Journal of Open Hardware
- Language: English
- Edited by: Tobias Wenzel and Luis Felipe R. Murillo

Publication details
- History: 2017-present
- Publisher: University of Western Ontario
- Open access: diamond open access

Standard abbreviations
- ISO 4: J. Open Hardw.

Indexing
- ISSN: 2514-1708

Links
- Journal homepage;

= Journal of Open Hardware =

The Journal of Open Hardware is a peer-reviewed, diamond open access scientific journal for open-source hardware development. The Journal publishes Hardware Metapapers which describe open-source research hardware, and is the currently the only scientific journal extending its peer review to hardware documentations hosted on external platforms.

The Journal also publishes full-length articles on Issues in Open Hardware—including socio-economic and legal issues related to open hardware—and review articles. The journal's encourages papers from across academic, professional, and non-academic communities.

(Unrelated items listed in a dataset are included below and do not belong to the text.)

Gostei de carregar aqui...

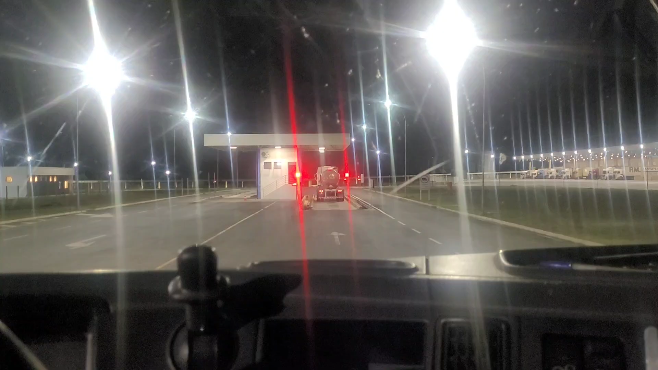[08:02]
Tem o caminhão na balança ali Ele já deu ré Eu até parei mais afastado aqui, né? Parece que tá dando divergência No Tá dando divergência no peso dele Assim que liberar lá Eu vou entrar Eu tenho que passar Esse cartão aqui, ó Pra balançar e liberar
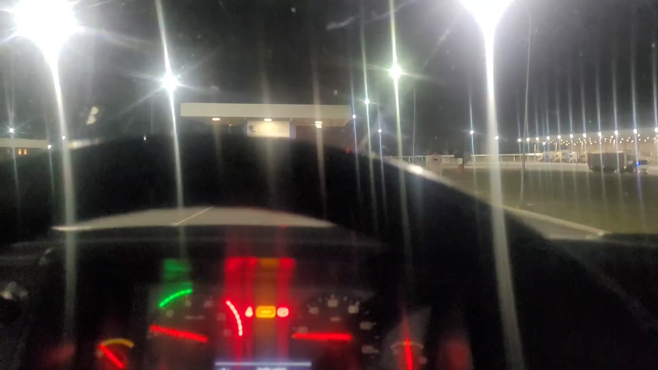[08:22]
Ah, liberaram ele lá, pessoal Agora vamos nós, né? Agora o cartão cai aqui no chão Pra ajudar
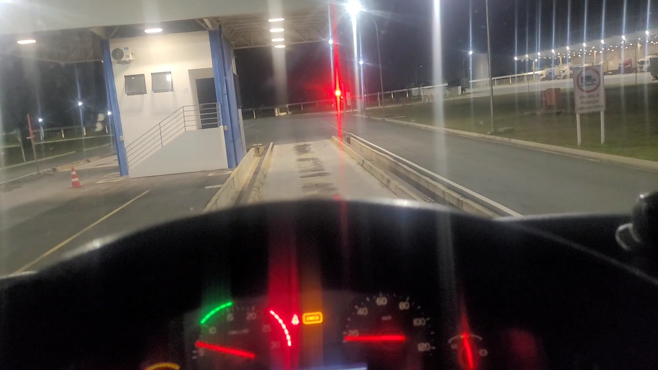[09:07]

The journal is notable -- along with HardwareX with which it competes -- for pioneering the definition of OSH both as an academic field and as a legal engineering concept. It has done this by defining its own publication requirements including details for how files are archived and licensed, and the quality of build instructions and bill of materials considered sufficient for replication of builds. This influence goes beyond its own publications to encourage other OSH projects, such as those found on github, to adopt similar standards.

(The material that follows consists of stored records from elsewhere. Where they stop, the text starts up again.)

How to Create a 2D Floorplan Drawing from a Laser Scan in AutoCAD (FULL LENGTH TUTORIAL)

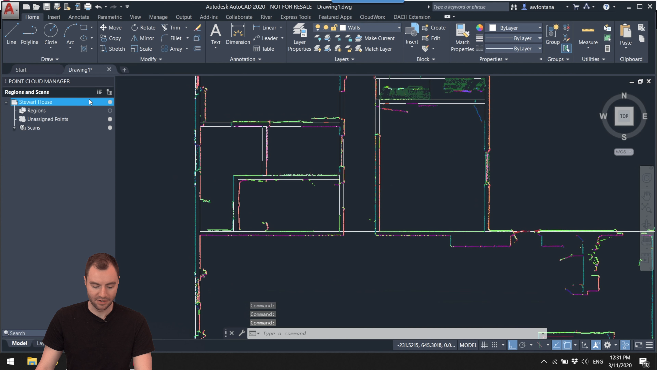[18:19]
all the line work that I need for that area. I need this line to continue on.
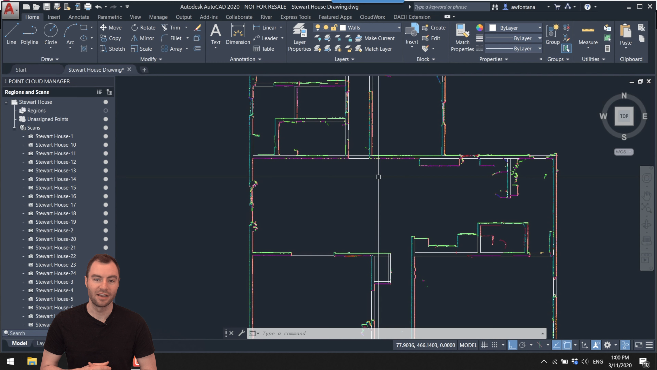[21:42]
So what I do is I go through and I draw a little line on the door frame of all my doors. So I'm going to go through and create a new layer.
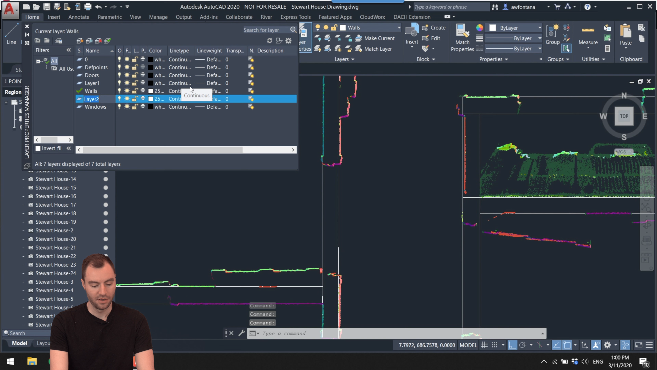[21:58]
And I'll call it door guide guides.
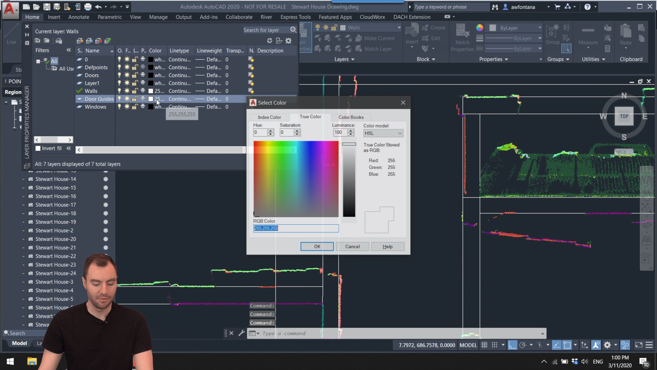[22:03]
I might make this green.
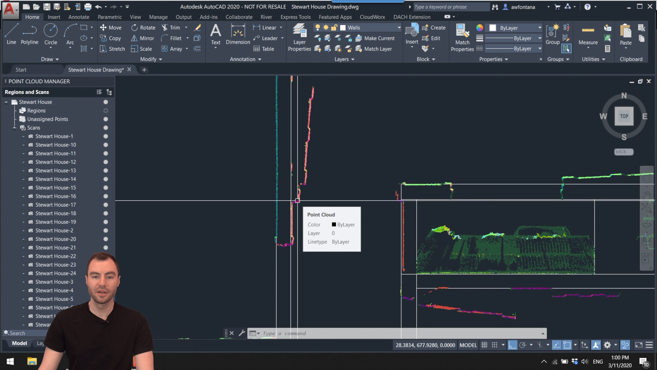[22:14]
Actually, one quick thing that I'm going to alter about this location right here is I'm going to extend these lines out to this hallway wall.
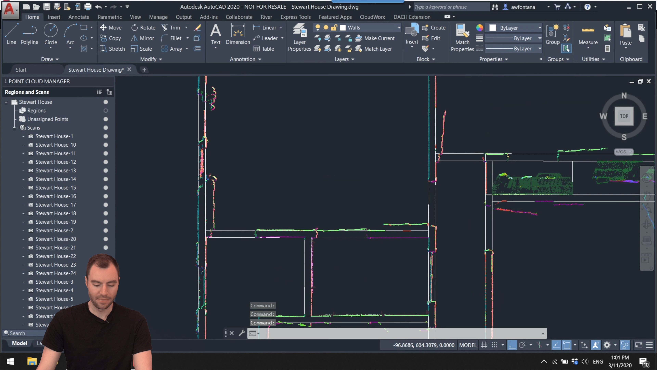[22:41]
Because I'll need to put a door in right there. I've got a couple doors for the closets. The door for this closet. So now what I do, I go through and find each of the edges of the doors. And I draw a little guideline across the wall.
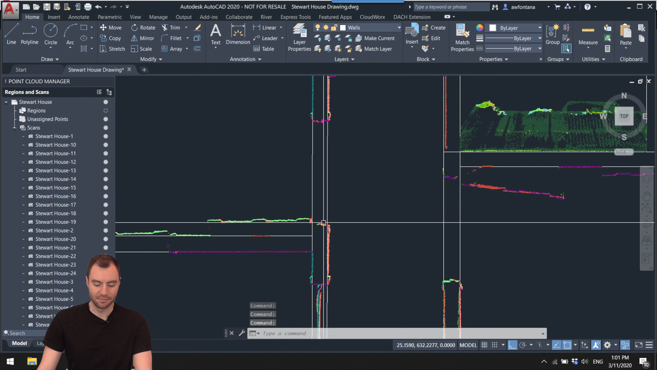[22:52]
So I'm going to, and sometimes it's, especially with this purple color,
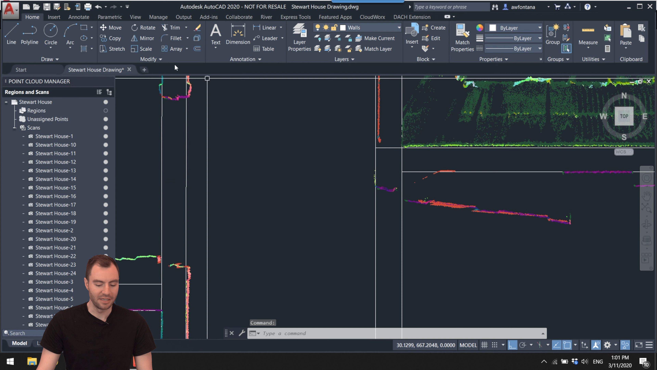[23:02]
it might be easier to change the color of the cloud, maybe to white. So I'm going to make sure that I'm in this door guides layer.
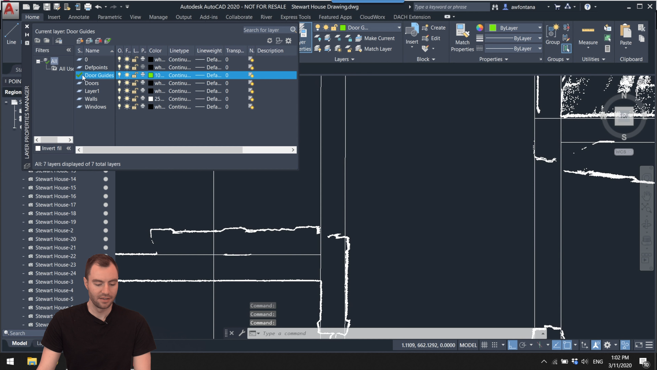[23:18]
And now I can see that this door opens on this side. So I'm going to create a quick line right there. This door opens on this side. Same thing.
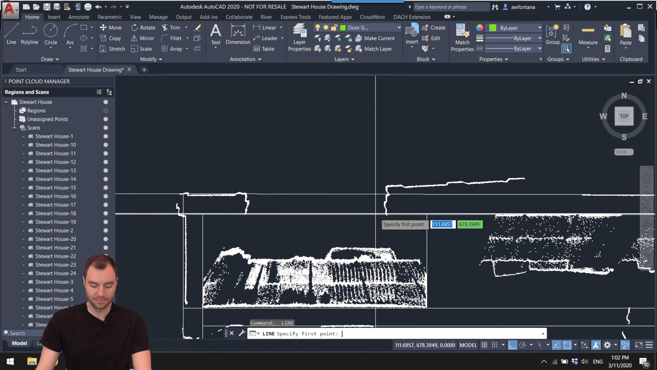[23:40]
So now just go through to each door and draw a quick line. Just to get an idea, if I hide the cloud really quick, you'll see I have a little guideline where that door needs to go.
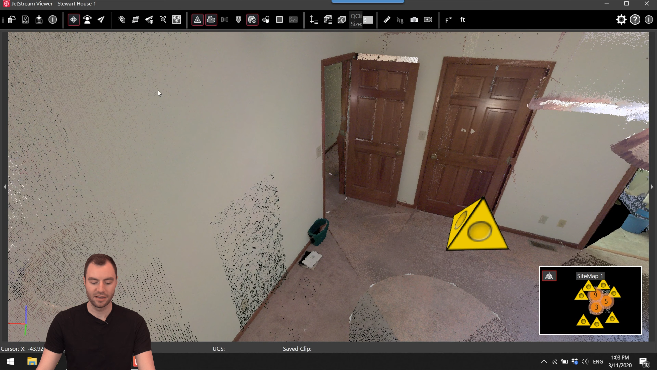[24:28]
the Jetstream Viewer with this LGS cloud,
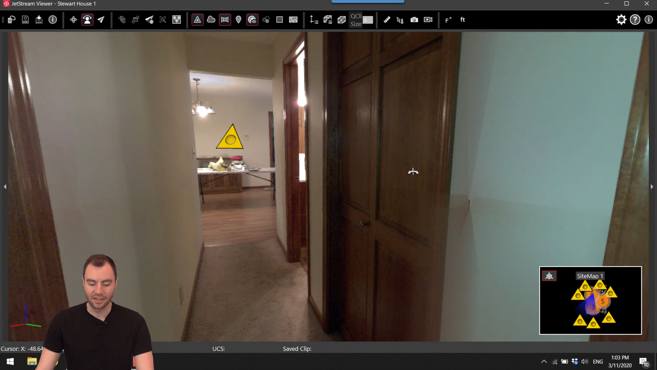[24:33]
then I also have a video where I explain that whole process. You can check it out in the description below. So I can see that this door, hmm, it's not exactly obvious which way this opens.
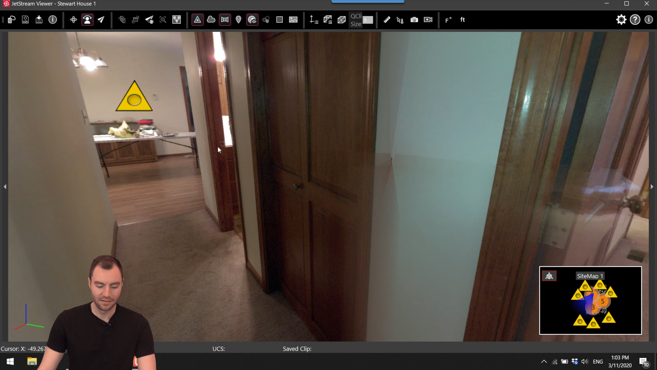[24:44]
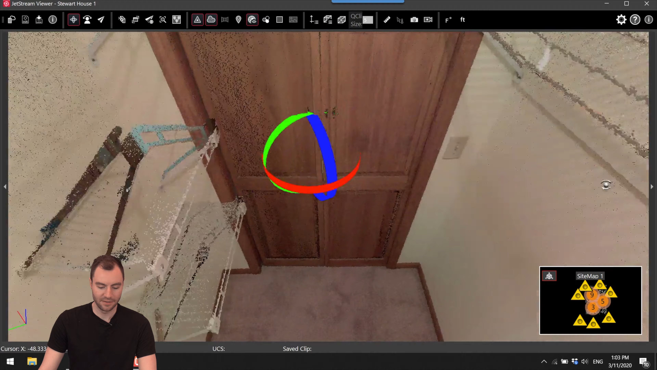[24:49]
I think it's, okay, so it's double doors that open like this.
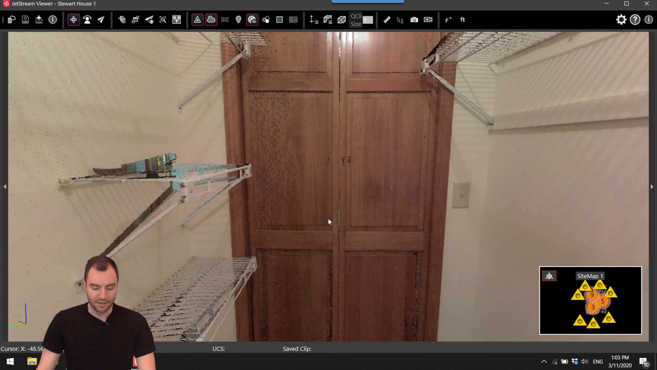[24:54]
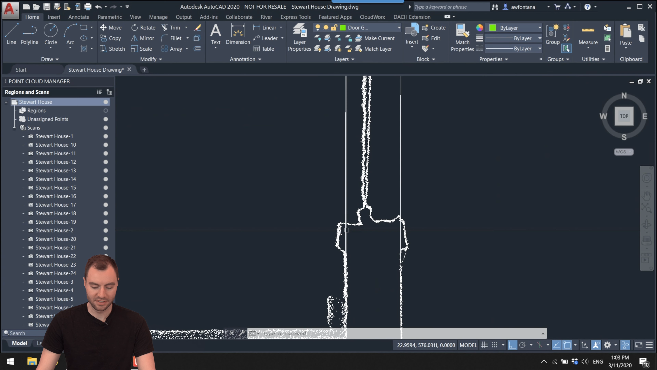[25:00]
So, it doesn't matter which side of the door I draw this line on. And then this is the garage door.
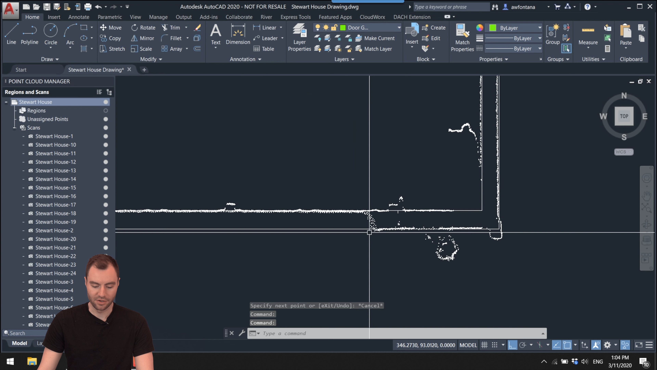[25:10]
You don't necessarily need to do it for the garage door, but I can do it. It just, it might come in handy.

The Journal of Open Hardware has strict guidelines to ensure that hardware complies with the OSHWA definition for open source hardware, allowing hardware to be released under either copyleft licences (such as the CERN OHL or TAPR) or permissive open source licences. The Journal also requires projects to be documented up to a defined standard which is in line with the GOSH quality sharing guidelines.

The journal was founded in 2017, originally edited and reviewed by volunteers but published as open access by a commercial publisher, Ubiquity Press, using article processing fees. The publisher's proposed increases to these APCs led to conflict between the journal's open source ethics and the publisher's profit model, and in 2023 the Editorial Board left the publisher and transformed the journal into a diamond open access journal. This means that in addition to being Creative Commons licensed, articles are also free of charge to publish, with the editorial work being done entirely by volunteers, typically authors of previous publications who help to maintain quality standards.

==Abstracting and indexing==
The journal is abstracted and indexed in CrossRef and SHERPA/RoMEO.

All metadata can be harvested via OAI-PMH.